## Problem description
Pick every line from the data that holds the word "style".

━━━━━ Record extracts ━━━━━

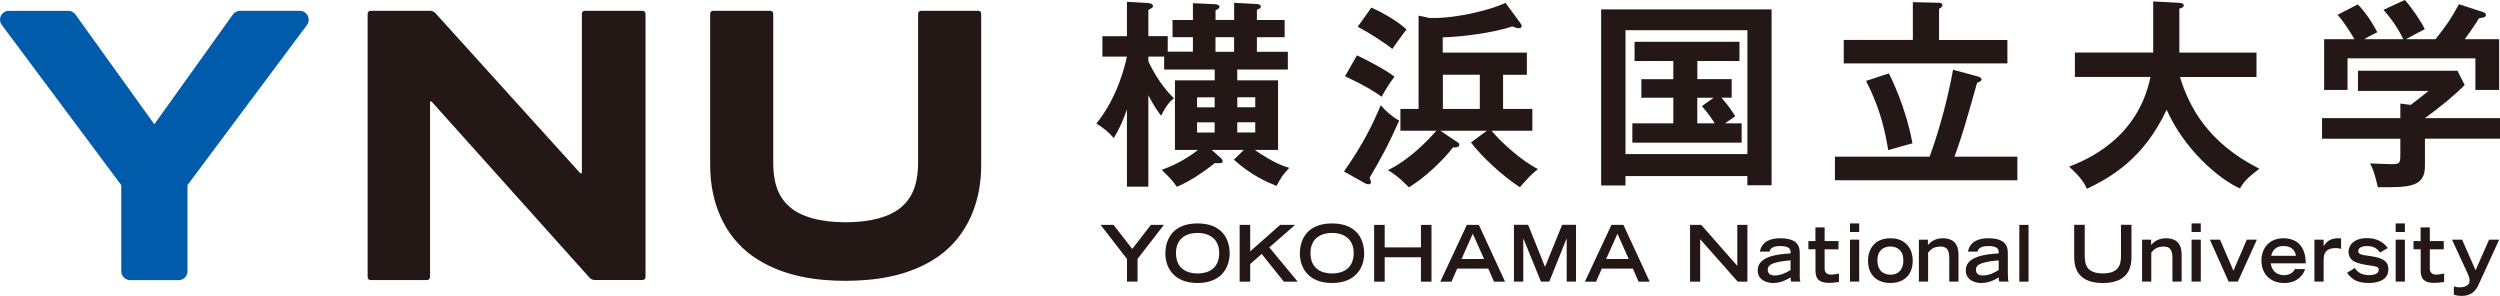 <?xml version="1.0" encoding="utf-8"?>
<!-- Generator: Adobe Illustrator 24.0.3, SVG Export Plug-In . SVG Version: 6.00 Build 0)  -->
<svg version="1.1" id="レイヤー_1" xmlns="http://www.w3.org/2000/svg" xmlns:xlink="http://www.w3.org/1999/xlink" x="0px"
	 y="0px" viewBox="0 0 391.08 46.3" style="enable-background:new 0 0 391.08 46.3;" xml:space="preserve">
<style type="text/css">
	.st0{fill:#005BAB;}
	.st1{fill:#231815;}
</style>
<g>
	<path class="st0" d="M48.15,2.48C47.92,2,47.44,1.69,46.91,1.69h-9.36c-0.41,0-0.8,0.19-1.07,0.51L24.14,19.44L11.75,2.2
		c-0.26-0.32-0.66-0.5-1.07-0.5h-9.3C0.85,1.69,0.36,2,0.14,2.48c-0.23,0.48-0.16,1.05,0.18,1.47l18.65,25.01v13.47
		c0,0.37,0.15,0.72,0.41,0.98c0.26,0.26,0.61,0.41,0.98,0.41h7.59c0.37,0,0.72-0.14,0.98-0.41c0.26-0.26,0.4-0.61,0.4-0.98V28.95
		l18.66-25C48.31,3.53,48.38,2.96,48.15,2.48z"/>
	<path class="st1" d="M67.33,1.69c0.25,0,0.59,0.15,0.76,0.34l22.63,25.01c0.16,0.18,0.3,0.13,0.3-0.12V2.14
		c0-0.25,0.2-0.45,0.45-0.45h9.05c0.25,0,0.46,0.2,0.46,0.45v41.21c0,0.25-0.2,0.45-0.46,0.45h-7.52c-0.25,0-0.59-0.15-0.76-0.34
		L67.57,15.95c-0.16-0.19-0.3-0.13-0.3,0.12v27.29c0,0.25-0.21,0.45-0.46,0.45h-8.85c-0.25,0-0.45-0.2-0.45-0.45V2.14
		c0-0.25,0.2-0.45,0.45-0.45H67.33z"/>
	<path class="st1" d="M153.04,1.69h-8.97c-0.25,0-0.45,0.2-0.45,0.45v23.41c-0.04,3.55-1.04,5.52-2.72,6.93
		c-1.7,1.4-4.57,2.29-8.61,2.29c-4.04,0-6.91-0.88-8.62-2.29c-1.68-1.4-2.68-3.37-2.71-6.93V2.14c0-0.25-0.2-0.45-0.45-0.45h-8.97
		c-0.25,0-0.45,0.2-0.45,0.45v23.41c-0.07,7.19,3.03,12.3,7.36,15c4.3,2.73,9.38,3.38,13.84,3.38c4.45-0.01,9.54-0.66,13.84-3.38
		c4.33-2.7,7.44-7.82,7.36-15V2.14C153.49,1.89,153.29,1.69,153.04,1.69z"/>
	<g>
		<path class="st1" d="M186.61,8.09V5.82h-3.19V3.13h3.19V0.5l3.5,0.16c0.31,0,0.66,0.18,0.66,0.4c0,0.22-0.19,0.34-0.62,0.56v1.5
			h2.91V0.44l3.56,0.19c0.18,0,0.62,0.09,0.62,0.41c0,0.21-0.19,0.31-0.62,0.5v1.59h4.34v2.69h-4.34v2.28h4.84v2.78h-7.91v1.69h6.38
			v10.88h-3.66c3.06,2.09,4.62,2.59,5.41,2.81c-1.06,1.16-1.12,1.28-2,2.82c-1.5-0.6-3.97-1.66-6.66-4.1l1.56-1.53h-5.04l1.32,1.16
			c0.19,0.16,0.41,0.41,0.41,0.62c0,0.28-0.32,0.34-1.22,0.28c-2.84,2.22-4.53,3.09-5.94,3.72c-0.81-1.13-1.09-1.41-2.38-2.66
			c1.12-0.41,3.19-1.19,5.69-3.12h-3.62V12.57h6.22v-1.69h-7.91V8.85h-2.47V9.6c1.59,3.38,3.34,5.12,4,5.78
			c-0.41,0.31-1.12,0.91-2,2.72c-0.38-0.46-1-1.31-2-3.18V29.2h-3.35V17.13c-0.59,1.66-1.18,3.04-2.06,4.47
			c-0.88-1.03-1.57-1.53-2.72-2.28c3.38-4.16,4.5-9.22,4.78-10.47h-3.84V5.66h3.84V0.28l3.28,0.19c0.41,0.03,0.79,0.16,0.79,0.5
			c0,0.22-0.47,0.46-0.72,0.59v4.09h3.03v2.43H186.61z M187.26,16.79h2.75v-1.56h-2.75V16.79z M190.01,20.73v-1.59h-2.75v1.59
			H190.01z M193.05,8.09V5.82h-2.91v2.28H193.05z M193.55,15.22v1.56h2.81v-1.56H193.55z M196.36,19.13h-2.81v1.59h2.81V19.13z"/>
		<path class="st1" d="M210.24,26.82c3-4.25,4.56-7.5,5.75-10.35c0.88,1.03,1.91,1.84,2.88,2.41c-1.78,3.97-2.44,5.16-4.63,8.95
			c0.1,0.22,0.22,0.43,0.22,0.69c0,0.22-0.19,0.31-0.38,0.31c-0.19,0-0.44-0.09-0.66-0.22L210.24,26.82z M212.27,8.66
			c1.56,0.72,4.47,2.25,5.88,3.34c-0.78,1-1.12,1.56-2.03,3.13c-2.16-1.59-5.12-2.91-5.72-3.19L212.27,8.66z M214.52,1.19
			c2.12,0.93,4.28,2.28,5.5,3.41c-0.78,1-1.78,2.44-2.22,3.06c-1.16-0.97-3.94-2.72-5.41-3.47L214.52,1.19z M235.15,17.04h4.56v3.41
			h-6.38c1.47,1.81,4.69,4.69,7.25,6c-1.16,0.96-1.25,1.06-2.82,2.84c-2.75-1.78-5.93-4.75-7.66-7l2.5-1.84h-7.28l2.69,1.81
			c0.16,0.09,0.28,0.22,0.28,0.38c0,0.31-0.44,0.5-1,0.41c-1.44,1.94-4.53,4.88-6.91,6.25c-0.34-0.38-1.69-1.75-3.25-2.69
			c3.41-1.66,6.31-4.72,7.56-6.16h-5.62v-3.41h2.84V2.44l1.75,0.38c4.47,0.09,10-1.44,11.85-2.38l2.22,3.03
			c0.16,0.22,0.31,0.41,0.31,0.63c0,0.25-0.28,0.31-0.47,0.31c-0.38,0-0.69-0.16-0.97-0.28c-3.19,1.06-7.97,1.62-10.91,1.72v2.38
			h13.16v3.47h-3.72V17.04z M231.49,11.69h-5.78v5.35h5.78V11.69z"/>
		<path class="st1" d="M254.28,27.54v1.47h-3.81V1.47h26.66v27.51h-3.79v-1.44H254.28z M273.35,24.1V4.72h-19.07V24.1H273.35z
			 M265.51,12.38h5.38v2.9h-1.6c0.94,1.07,1.6,1.97,2.16,2.91c-0.25,0.16-1.07,0.72-1.59,1.1h2.59v3.03h-17.1v-3.03h6.41v-4h-5v-2.9
			h5V9.54h-6.06v-3h16.41v3h-6.59V12.38z M268.07,15.29h-2.56v4h2.72c-0.12-0.22-0.97-1.54-2-2.69L268.07,15.29z"/>
		<path class="st1" d="M315.58,24.51v3.69h-28.54v-3.69h14.82c1.81-5,3-9.97,3.66-13.6l3.91,1.06c0.19,0.07,0.54,0.16,0.54,0.47
			c0,0.22-0.25,0.34-0.69,0.5c-0.31,1.19-1.72,6.07-2.03,7.07c-0.75,2.44-1.16,3.53-1.5,4.5H315.58z M299.23,0.34l4.04,0.09
			c0.16,0,0.59,0.03,0.59,0.38c0,0.25-0.22,0.41-0.53,0.57v4.88h10.69v3.66h-25.6V6.25h10.81V0.34z M295.48,11.48
			c0.31,0.62,2.63,5.15,3.69,10.94c-0.75,0.19-3.25,0.91-3.79,1.06c-0.47-2.72-1.12-6.25-3.47-10.82L295.48,11.48z"/>
		<path class="st1" d="M324.58,12.04V8.22h12.25v-8l4.09,0.22c0.47,0.03,0.69,0.16,0.69,0.41c0,0.28-0.34,0.41-0.69,0.5v6.88h12.07
			v3.82h-11.97c1.41,4.59,4.29,10.25,12.41,14.34c-1.84,1.41-2.38,2-3.03,3.09c-3.34-1.5-8.69-6.09-11.47-12.32
			c-3.59,7.73-8.84,10.63-12.47,12.38c-0.31-0.72-0.81-1.69-2.78-3.47c2.62-1.03,10.72-4.28,12.72-14.03H324.58z"/>
		<path class="st1" d="M391.25,18.47v3.22h-11.91v4.25c0,3.29-2.32,3.41-7.38,3.34c-0.19-0.9-0.59-2.66-1.22-3.72
			c0.53,0.03,2.94,0.12,3.41,0.12c1.34,0,1.34-0.19,1.34-1.81V21.7h-12.25v-3.22h12.25V16.2l1.62,0.21
			c1.04-0.78,2.25-1.75,2.79-2.18h-11.04v-3.16h15.57l1.12,2.22c-1.16,1.25-3.78,3.44-6.22,5.19H391.25z M375.94,6.13
			c-0.53-1.22-1.78-3.16-3.09-4.59L376.19,0c0.93,1,2.53,3.28,3.12,4.56c-0.34,0.19-2.82,1.47-2.94,1.57H381
			c1.62-2.06,2.5-3.29,3.66-5.47l3.72,1.21c0.19,0.07,0.5,0.19,0.5,0.47c0,0.38-0.5,0.44-1.06,0.5c-1.09,1.72-1.84,2.72-2.25,3.29
			h5.38v7.94h-3.72V9.13h-20v4.94h-3.66V6.13h4.75c-0.53-0.91-1.78-2.88-2.65-3.81l3.16-1.63c1.19,1.16,2.47,3.16,3.06,4.35
			c-1.12,0.53-1.78,0.91-2.04,1.09H375.94z"/>
	</g>
	<g>
		<g>
			<path class="st1" d="M176.29,40.5l-4.12-5.32h2.02l2.93,3.76l2.91-3.76h2.04l-4.12,5.32v3.55h-1.65V40.5z"/>
			<path class="st1" d="M187.33,34.95c3.72,0,5.03,2.3,5.03,4.73c0,1.84-1.04,4.59-5.03,4.59c-3.99,0-5.03-2.75-5.03-4.59
				C182.31,37.25,183.62,34.95,187.33,34.95z M190.72,39.58c0-2.14-1.46-3.14-3.38-3.14c-1.93,0-3.38,1-3.38,3.14
				c0,2.52,1.8,3.2,3.38,3.2C188.91,42.78,190.72,42.1,190.72,39.58z"/>
			<path class="st1" d="M193.92,35.18h1.65v4.14l4.68-4.14h2.34l-4.03,3.52l4.44,5.36h-2.16l-3.47-4.33l-1.8,1.57v2.76h-1.65V35.18z
				"/>
			<path class="st1" d="M208.37,34.95c3.71,0,5.03,2.3,5.03,4.73c0,1.84-1.04,4.59-5.03,4.59c-4,0-5.03-2.75-5.03-4.59
				C203.35,37.25,204.66,34.95,208.37,34.95z M211.76,39.58c0-2.14-1.45-3.14-3.38-3.14c-1.93,0-3.38,1-3.38,3.14
				c0,2.52,1.8,3.2,3.38,3.2C209.95,42.78,211.76,42.1,211.76,39.58z"/>
			<path class="st1" d="M214.96,35.18h1.65v3.52h5.67v-3.52h1.65v8.88h-1.65v-3.82h-5.67v3.82h-1.65V35.18z"/>
			<path class="st1" d="M229.46,35.18h1.88l4.1,8.88h-1.74l-0.88-2.04h-4.87l-0.89,2.04h-1.75L229.46,35.18z M232.16,40.52
				l-1.77-3.96l-1.76,3.96H232.16z"/>
			<path class="st1" d="M238.31,37.32h-0.02v6.73h-1.46v-8.88h2.22l2.64,6.58l2.68-6.58h2.17v8.88h-1.46v-6.73h-0.02l-2.7,6.73
				h-1.31L238.31,37.32z"/>
			<path class="st1" d="M252.08,35.18h1.88l4.1,8.88h-1.74l-0.88-2.04h-4.87l-0.89,2.04h-1.75L252.08,35.18z M254.78,40.52
				l-1.76-3.96l-1.77,3.96H254.78z"/>
			<path class="st1" d="M264.39,35.18h1.74l5.64,6.41v-6.41h1.58v8.88h-1.51l-5.88-6.64v6.64h-1.58V35.18z"/>
			<path class="st1" d="M281.53,42.99c0,0.44,0.02,0.88,0.12,1.06h-1.47c-0.05-0.22-0.08-0.44-0.08-0.66
				c-0.61,0.37-1.5,0.88-2.73,0.88c-0.82,0-2.41-0.36-2.41-1.98c0-2.21,3.14-2.53,5.14-2.65v-0.29c0-0.5-0.43-0.86-1.62-0.86
				c-1.32,0-1.6,0.51-1.68,0.87h-1.5c0.35-1.79,2.01-2.09,3.17-2.09c3.01,0,3.07,1.54,3.07,2.45V42.99z M280.09,40.74
				c-0.84,0.04-1.57,0.16-2.24,0.33c-0.89,0.22-1.31,0.54-1.32,1.11c-0.01,0.56,0.34,0.91,1.05,0.91c1.09,0,1.96-0.5,2.52-0.86
				V40.74z"/>
			<path class="st1" d="M282.88,37.71h1.11v-2.14h1.44v2.14h2.17v1.29h-2.17v3c0,0.46,0.18,0.96,1.01,0.96
				c0.28,0,0.86-0.07,1.23-0.18v1.33c-0.71,0.1-1.04,0.14-1.55,0.14c-1.37,0-2.12-0.46-2.12-1.9v-3.36h-1.11V37.71z"/>
			<path class="st1" d="M289.4,34.95h1.44v1.34h-1.44V34.95z M289.4,37.49h1.44v6.56h-1.44V37.49z"/>
			<path class="st1" d="M292.22,40.77c0-1.76,1.01-3.5,3.5-3.5c2.48,0,3.49,1.73,3.49,3.5c0,2.61-1.79,3.5-3.49,3.5
				S292.22,43.38,292.22,40.77z M297.75,40.74c0-1.54-0.94-2.18-2.03-2.18c-1.1,0-2.04,0.64-2.04,2.18c0,1.39,0.75,2.23,2.04,2.23
				C297.01,42.98,297.75,42.13,297.75,40.74z"/>
			<path class="st1" d="M300.18,37.49h1.41v0.82c0.46-0.46,1.07-1.04,2.34-1.04c1.3,0,2.44,0.57,2.44,2.58v4.2h-1.44v-3.64
				c0-1.29-0.37-1.84-1.34-1.84c-1.15,0-1.61,0.5-1.97,0.96v4.52h-1.44V37.49z"/>
			<path class="st1" d="M314.1,42.99c0,0.44,0.02,0.88,0.12,1.06h-1.48c-0.05-0.22-0.08-0.44-0.08-0.66
				c-0.6,0.37-1.5,0.88-2.73,0.88c-0.83,0-2.42-0.36-2.42-1.98c0-2.21,3.14-2.53,5.14-2.65v-0.29c0-0.5-0.43-0.86-1.61-0.86
				c-1.33,0-1.61,0.51-1.69,0.87h-1.5c0.35-1.79,2.02-2.09,3.17-2.09c3.01,0,3.07,1.54,3.07,2.45V42.99z M312.66,40.74
				c-0.84,0.04-1.57,0.16-2.24,0.33c-0.89,0.22-1.32,0.54-1.32,1.11c-0.01,0.56,0.34,0.91,1.04,0.91c1.09,0,1.96-0.5,2.52-0.86
				V40.74z"/>
			<path class="st1" d="M315.89,35.18h1.44v8.88h-1.44V35.18z"/>
			<path class="st1" d="M333.43,40.24c0,2.86-1.73,4.03-4.48,4.03c-2.75,0-4.48-1.17-4.48-4.03v-5.07h1.65v4.94
				c0,1.47,0.5,2.66,2.83,2.66c2.33,0,2.84-1.2,2.84-2.66v-4.94h1.64V40.24z"/>
			<path class="st1" d="M335.08,37.49h1.42v0.82c0.45-0.46,1.07-1.04,2.34-1.04c1.3,0,2.44,0.57,2.44,2.58v4.2h-1.44v-3.64
				c0-1.29-0.38-1.84-1.34-1.84c-1.15,0-1.61,0.5-1.97,0.96v4.52h-1.44V37.49z"/>
			<path class="st1" d="M342.83,34.95h1.44v1.34h-1.44V34.95z M342.83,37.49h1.44v6.56h-1.44V37.49z"/>
			<path class="st1" d="M347.28,37.49l2.1,4.86l2.09-4.86h1.58l-2.98,6.56h-1.44l-2.94-6.56H347.28z"/>
			<path class="st1" d="M360.58,42.09c-0.11,0.54-0.94,2.18-3.25,2.18c-2.23,0-3.57-1.46-3.57-3.52c0-1.86,1.16-3.48,3.46-3.48
				c2.35,0.02,3.47,1.55,3.47,3.92h-5.47c0.06,0.41,0.28,1.78,2.05,1.86c0.91,0,1.51-0.45,1.72-0.96H360.58z M359.17,40.02
				c-0.22-1.12-0.94-1.53-1.98-1.53c-0.75,0-1.62,0.27-1.91,1.53H359.17z"/>
			<path class="st1" d="M362.05,37.49h1.44v0.98h0.04c0.31-0.54,0.94-1.2,2.18-1.2c0.21,0,0.36,0,0.51,0.02v1.64
				c-0.14-0.04-0.4-0.12-0.88-0.12c-1.83,0.01-1.83,1.29-1.85,1.76v3.48h-1.44V37.49z"/>
			<path class="st1" d="M372.32,39.51c-0.22-0.3-0.72-1.02-2.03-1.02c-1.05,0-1.39,0.42-1.39,0.79c0,0.51,0.61,0.6,1.46,0.72
				c1.71,0.23,3.26,0.5,3.26,2.12c0,1.93-2.1,2.15-3.11,2.15c-2.15,0-2.82-0.9-3.36-1.6l1.22-0.75c0.5,0.86,1.37,1.12,2.28,1.12
				c0.77,0,1.46-0.25,1.46-0.82c0-0.5-0.34-0.55-1.88-0.77c-2.36-0.32-2.84-1.11-2.84-2.11c0-0.68,0.51-2.09,2.93-2.09
				c0.71,0,2.25,0.17,3.2,1.55L372.32,39.51z"/>
			<path class="st1" d="M374.76,34.95h1.44v1.34h-1.44V34.95z M374.76,37.49h1.44v6.56h-1.44V37.49z"/>
			<path class="st1" d="M377.54,37.71h1.12v-2.14h1.44v2.14h2.18v1.29h-2.18v3c0,0.46,0.18,0.96,1.01,0.96
				c0.28,0,0.86-0.07,1.23-0.18v1.33c-0.71,0.1-1.04,0.14-1.55,0.14c-1.37,0-2.12-0.46-2.12-1.9v-3.36h-1.12V37.71z"/>
			<path class="st1" d="M383.86,44.8c0.18,0.05,0.5,0.15,0.88,0.15c1.18,0,1.58-0.52,1.58-1.02c0-0.31-0.06-0.6-0.25-1.03l-2.5-5.41
				h1.58l2.11,4.79l2.11-4.79h1.58l-3.24,7.08c-0.56,1.24-1.46,1.72-2.6,1.72c-0.56,0-1-0.1-1.25-0.2V44.8z"/>
		</g>
	</g>
</g>
</svg>

━━━━━

## Exercise solution
	 y="0px" viewBox="0 0 391.08 46.3" style="enable-background:new 0 0 391.08 46.3;" xml:space="preserve">
<style type="text/css">
</style>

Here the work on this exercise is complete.